Constraint Logic Programming - The Constraint Store

The Constraint Store

The constraint store contains the constraints that are currently assumed satisfiable. It can be considered what the current substitution is for regular logic programming. When only tree terms are allowed, the constraint store contains constraints in the form t1=t2; these constraints are simplified by unification, resulting in constraints of the form variable=term; such constraints are equivalent to a substitution.

However, the constraint store may also contain constraints in the form t1!=t2, if the difference != between terms is allowed. When constraints over reals or finite domains are allowed, the constraint store may also contain domain-specific constraints like X+2=Y/2, etc.

The constraint store extends the concept of current substitution in two ways. First, it does not only contain the constraints derived from equating a literal with the head of a fresh variant of a clause, but also the constraints of the body of clauses. Second, it does not only contain constraints of the form variable=value but also constraints on the considered constraint language. While the result of a successful evaluation of a regular logic program is the final substitution, the result for a constraint logic program is the final constraint store, which may contain constraint of the form variable=value but in general may contain arbitrary constraints.

Domain-specific constraints may come to the constraint store both from the body of a clauses and from equating a literal with a clause head: for example, if the interpreter rewrites the literal A(X+2) with a clause whose fresh variant head is A(Y/2), the constraint X+2=Y/2 is added to the constraint store. If a variable appears in a real or finite domain expression, it can only take a value in the reals or the finite domain. Such a variable cannot take a term made of a functor applied to other terms as a value. The constraint store is unsatisfiable if a variable is bound to take both a value of the specific domain and a functor applied to terms.

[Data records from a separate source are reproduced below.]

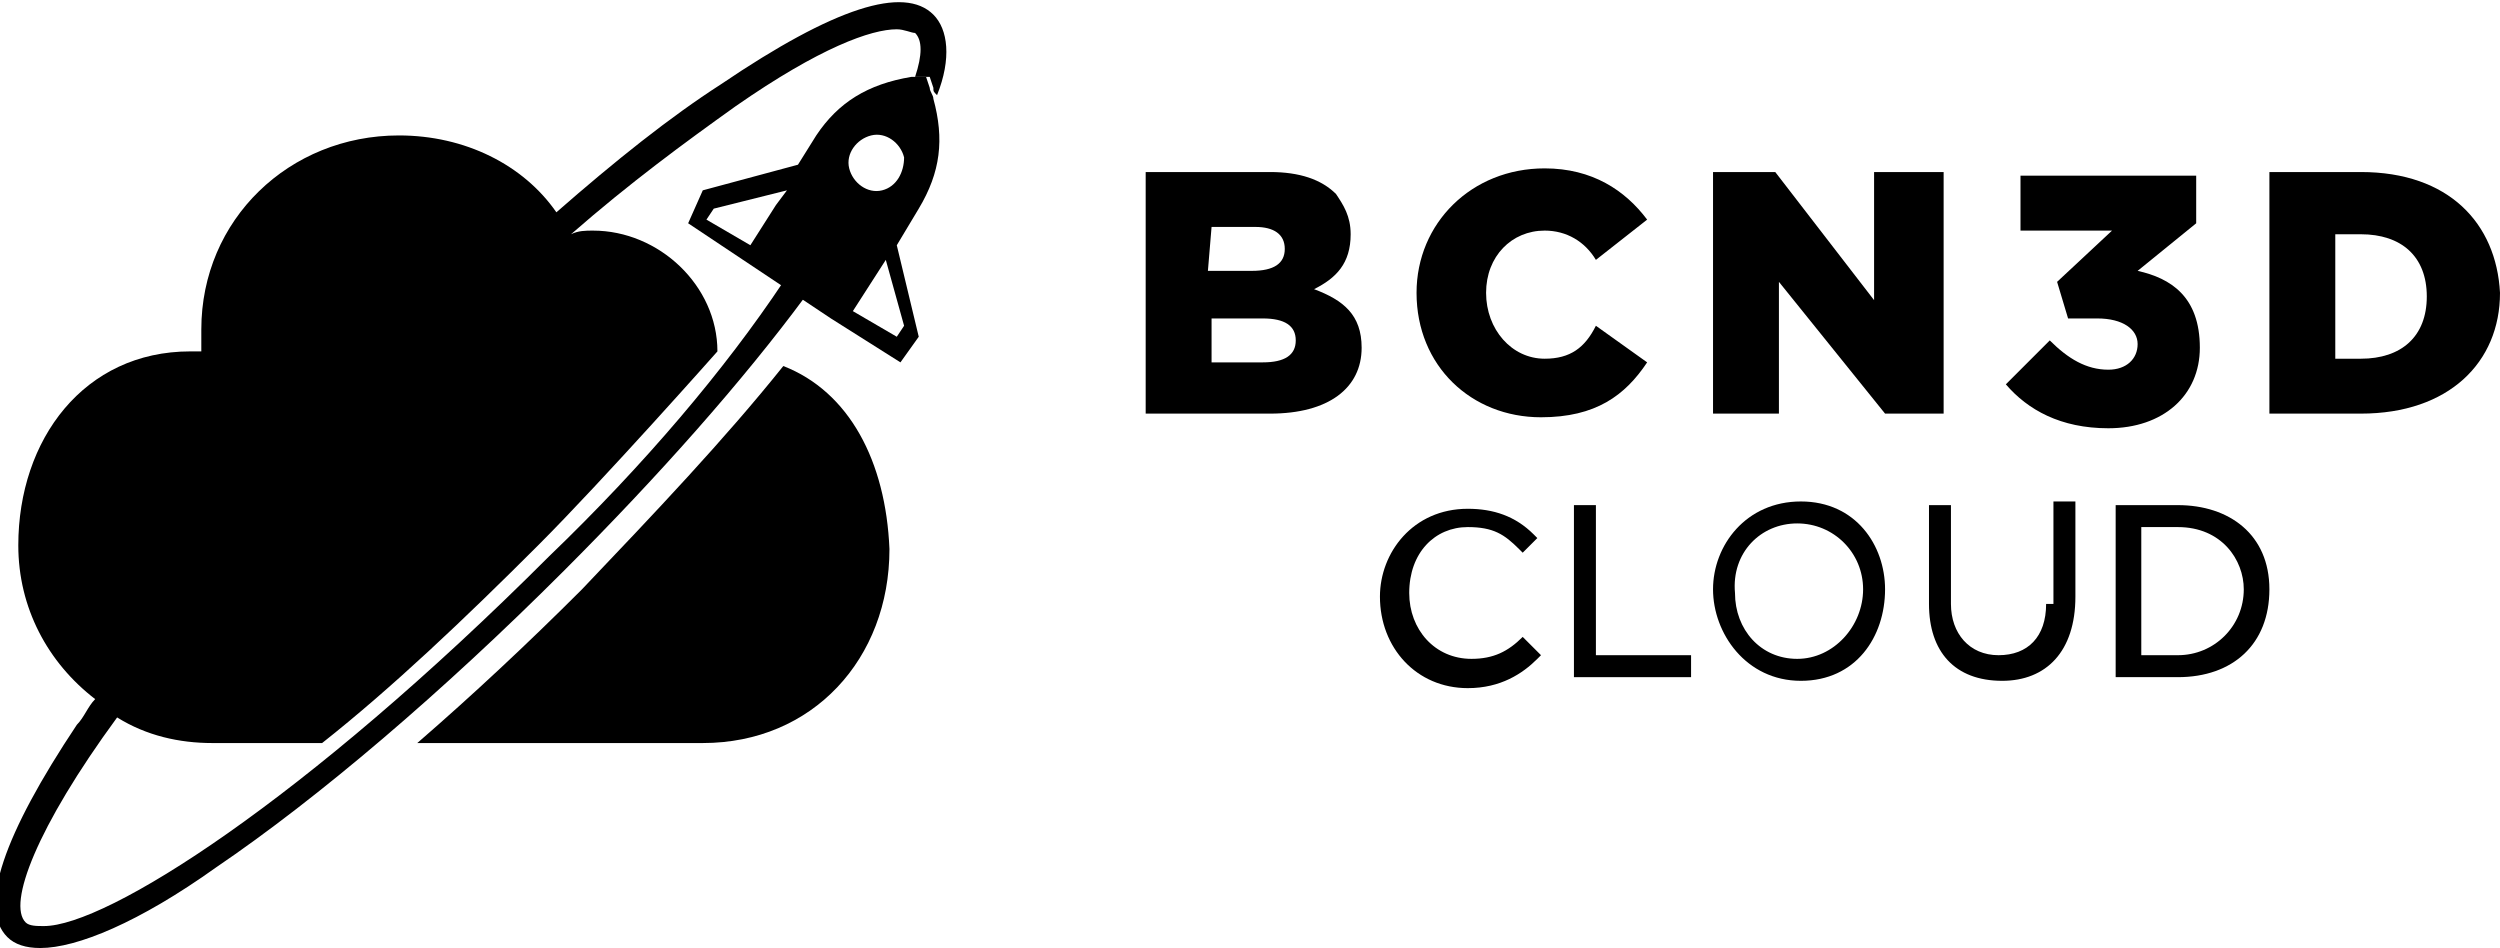 <?xml version="1.0" encoding="utf-8"?>
<!-- Generator: Adobe Illustrator 25.4.1, SVG Export Plug-In . SVG Version: 6.00 Build 0)  -->
<svg version="1.1" id="Layer_1" xmlns="http://www.w3.org/2000/svg" xmlns:xlink="http://www.w3.org/1999/xlink" x="0px" y="0px"
	 viewBox="0 0 68.3 25.9" style="enable-background:new 0 0 68.3 25.9;" xml:space="preserve">
<g>
	<g>
		<g>
			<path d="M42.2,9.8c-0.9,0-1.6-0.8-1.6-1.8l0,0c0-1,0.7-1.7,1.6-1.7c0.6,0,1.1,0.3,1.4,0.8L45,6c-0.6-0.8-1.5-1.4-2.8-1.4
				c-2,0-3.5,1.5-3.5,3.4l0,0c0,2,1.5,3.4,3.4,3.4c1.5,0,2.3-0.6,2.9-1.5l-1.4-1C43.3,9.5,42.9,9.8,42.2,9.8z"/>
			<polygon points="51.2,8.2 48.5,4.7 46.8,4.7 46.8,11.3 48.6,11.3 48.6,7.7 51.5,11.3 53.1,11.3 53.1,4.7 51.2,4.7 			"/>
			<path d="M35.9,7.9c0.6-0.3,1-0.7,1-1.5l0,0c0-0.5-0.2-0.8-0.4-1.1c-0.4-0.4-1-0.6-1.8-0.6h-3.4v6.6h3.4c1.6,0,2.5-0.7,2.5-1.8
				l0,0C37.2,8.6,36.7,8.2,35.9,7.9z M33.1,6.2h1.2c0.5,0,0.8,0.2,0.8,0.6l0,0c0,0.4-0.3,0.6-0.9,0.6H33L33.1,6.2z M35.4,9.3
				c0,0.4-0.3,0.6-0.9,0.6h-1.4V8.7h1.4C35.1,8.7,35.4,8.9,35.4,9.3L35.4,9.3z"/>
			<path d="M58.4,7.4L60,6.1V4.8h-4.8v1.5h2.5l-1.5,1.4l0.3,1h0.8c0.7,0,1.1,0.3,1.1,0.7l0,0c0,0.4-0.3,0.7-0.8,0.7
				c-0.6,0-1.1-0.3-1.6-0.8l-1.2,1.2c0.6,0.7,1.5,1.2,2.8,1.2c1.5,0,2.5-0.9,2.5-2.2l0,0C60.1,8.1,59.3,7.6,58.4,7.4z"/>
			<path d="M64.5,4.7H62v6.6h2.5c2.4,0,3.8-1.4,3.8-3.3l0,0C68.2,6.1,66.9,4.7,64.5,4.7z M66.3,8.1c0,1.1-0.7,1.7-1.8,1.7h-0.7V6.4
				h0.7C65.6,6.4,66.3,7,66.3,8.1L66.3,8.1z"/>
		</g>
		<g>
			<g>
				<path d="M41.6,17.4c-0.4,0.4-0.8,0.6-1.4,0.6c-1,0-1.7-0.8-1.7-1.8c0-1.1,0.7-1.8,1.6-1.8c0.7,0,1,0.2,1.4,0.6l0.1,0.1l0.4-0.4
					l-0.1-0.1c-0.5-0.5-1.1-0.7-1.8-0.7c-1.5,0-2.4,1.2-2.4,2.4c0,1.4,1,2.5,2.4,2.5c0.9,0,1.5-0.4,1.9-0.8l0.1-0.1l-0.4-0.4
					L41.6,17.4z"/>
				<polygon points="43.6,13.8 43,13.8 43,18.5 46.2,18.5 46.2,17.9 43.6,17.9 				"/>
				<path d="M49.2,13.7c-1.5,0-2.4,1.2-2.4,2.4c0,1.2,0.9,2.5,2.4,2.5s2.3-1.2,2.3-2.5C51.5,14.9,50.7,13.7,49.2,13.7z M49.1,14.3
					c1,0,1.8,0.8,1.8,1.8S50.1,18,49.1,18c-1,0-1.7-0.8-1.7-1.8C47.3,15.1,48.1,14.3,49.1,14.3z"/>
				<path d="M55.9,16.5c0,0.9-0.5,1.4-1.3,1.4c-0.8,0-1.3-0.6-1.3-1.4v-2.7h-0.6v2.7c0,1.3,0.7,2.1,2,2.1c1.2,0,2-0.8,2-2.3v-2.6
					h-0.6V16.5z"/>
				<path d="M59.5,13.8h-1.7v4.7h1.7c1.5,0,2.5-0.9,2.5-2.4S60.9,13.8,59.5,13.8z M58.5,14.4h1c1.2,0,1.8,0.9,1.8,1.7
					c0,1-0.8,1.8-1.8,1.8h-1V14.4z"/>
			</g>
		</g>
	</g>
	<path d="M21.4,10c-1.6,2-3.5,4-5.5,6.1c-1.5,1.5-3,2.9-4.5,4.2h7.8c3,0,5.1-2.3,5.1-5.3C24.2,12.6,23.2,10.7,21.4,10z"/>
	<g>
		<g>
			<path d="M15,15.2C8.3,21.9,2.9,25.3,1.2,25.3c-0.2,0-0.4,0-0.5-0.1c-0.5-0.5,0.3-2.6,2.5-5.6c0.8,0.5,1.7,0.7,2.6,0.7h3
				c1.9-1.5,3.9-3.4,5.9-5.4c1.8-1.8,4.9-5.3,4.9-5.3c0-1.8-1.6-3.3-3.4-3.3c-0.2,0-0.4,0-0.6,0.1c1.6-1.4,3.1-2.5,4.5-3.5
				c2.3-1.6,3.7-2.1,4.4-2.1c0.2,0,0.4,0.1,0.5,0.1c0.2,0.2,0.2,0.6,0,1.2c0,0,0,0,0.1,0h0.3l0,0l0,0l0.1,0.3c0,0.1,0,0.1,0.1,0.2
				c0.4-1,0.3-1.8-0.1-2.2c-0.8-0.8-2.7-0.2-5.8,1.9c-1.4,0.9-2.9,2.1-4.5,3.5c-0.9-1.3-2.5-2.1-4.3-2.1C7.9,3.7,5.5,6,5.5,9
				c0,0.2,0,0.4,0,0.6c-0.4,0,0,0-0.3,0c-2.9,0-4.7,2.4-4.7,5.3c0,1.7,0.8,3.2,2.1,4.2c-0.2,0.2-0.3,0.5-0.5,0.7c-2,3-2.7,5-1.9,5.8
				c0.2,0.2,0.5,0.3,0.9,0.3c1,0,2.7-0.7,4.8-2.2c2.8-1.9,6.2-4.8,9.5-8.1C18,13,20.3,10.4,22,8.1l-0.6-0.4
				C19.8,10.1,17.6,12.7,15,15.2z"/>
		</g>
	</g>
	<g>
		<path d="M25.5,2.7c0-0.1-0.1-0.2-0.1-0.3l-0.1-0.3H25h-0.1c-1.2,0.2-2,0.7-2.6,1.6l-0.5,0.8l-2.6,0.7l-0.4,0.9l1.5,1l0,0l1.2,0.8
			l0.6,0.4l0.6,0.4l0,0l1.9,1.2l0.5-0.7l-0.6-2.5l0.6-1C25.7,4.7,25.8,3.8,25.5,2.7z M21.2,5.6l-0.7,1.1L19.3,6l0.2-0.3l2-0.5
			L21.2,5.6z M24.7,8.9l-0.2,0.3l-1.2-0.7l0.9-1.4L24.7,8.9z M24.1,5.2c-0.4,0.1-0.8-0.2-0.9-0.6s0.2-0.8,0.6-0.9
			c0.4-0.1,0.8,0.2,0.9,0.6C24.7,4.7,24.5,5.1,24.1,5.2z"/>
	</g>
</g>
</svg>

After a constraint is added to the constraint store, some operations are performed on the constraint store. Which operations are performed depends on the considered domain and constraints. For example unification is used for finite tree equalities, variable elimination for polynomial equations over reals, constraint propagation to enforce a form of local consistency for finite domains. These operations are aimed at making the constraint store simpler to be checked for satisfiability and solved.

As a result of these operations, the addition of new constraints may change the old ones. It is essential that the interpreter is able to undo these changes when it backtracks. The simplest case method is for the interpreter to save the complete state of the store every time it makes a choice (it chooses a clause to rewrite a goal). More efficient methods for allowing the constraint store to return to a previous state exist. In particular, one may just save the changes to the constraint store made between two points of choice, including the changes made to the old constraints. This can be done by simply saving the old value of the constraints that have been modified; this method is called trailing. A more advanced method is to save the changes that have been done on the modified constraints. For example, a linear constraint is changed by modifying its coefficient: saving the difference between the old and new coefficient allows reverting a change. This second method is called semantic backtracking, because the semantics of the change is saved rather than the old version of the constraints only.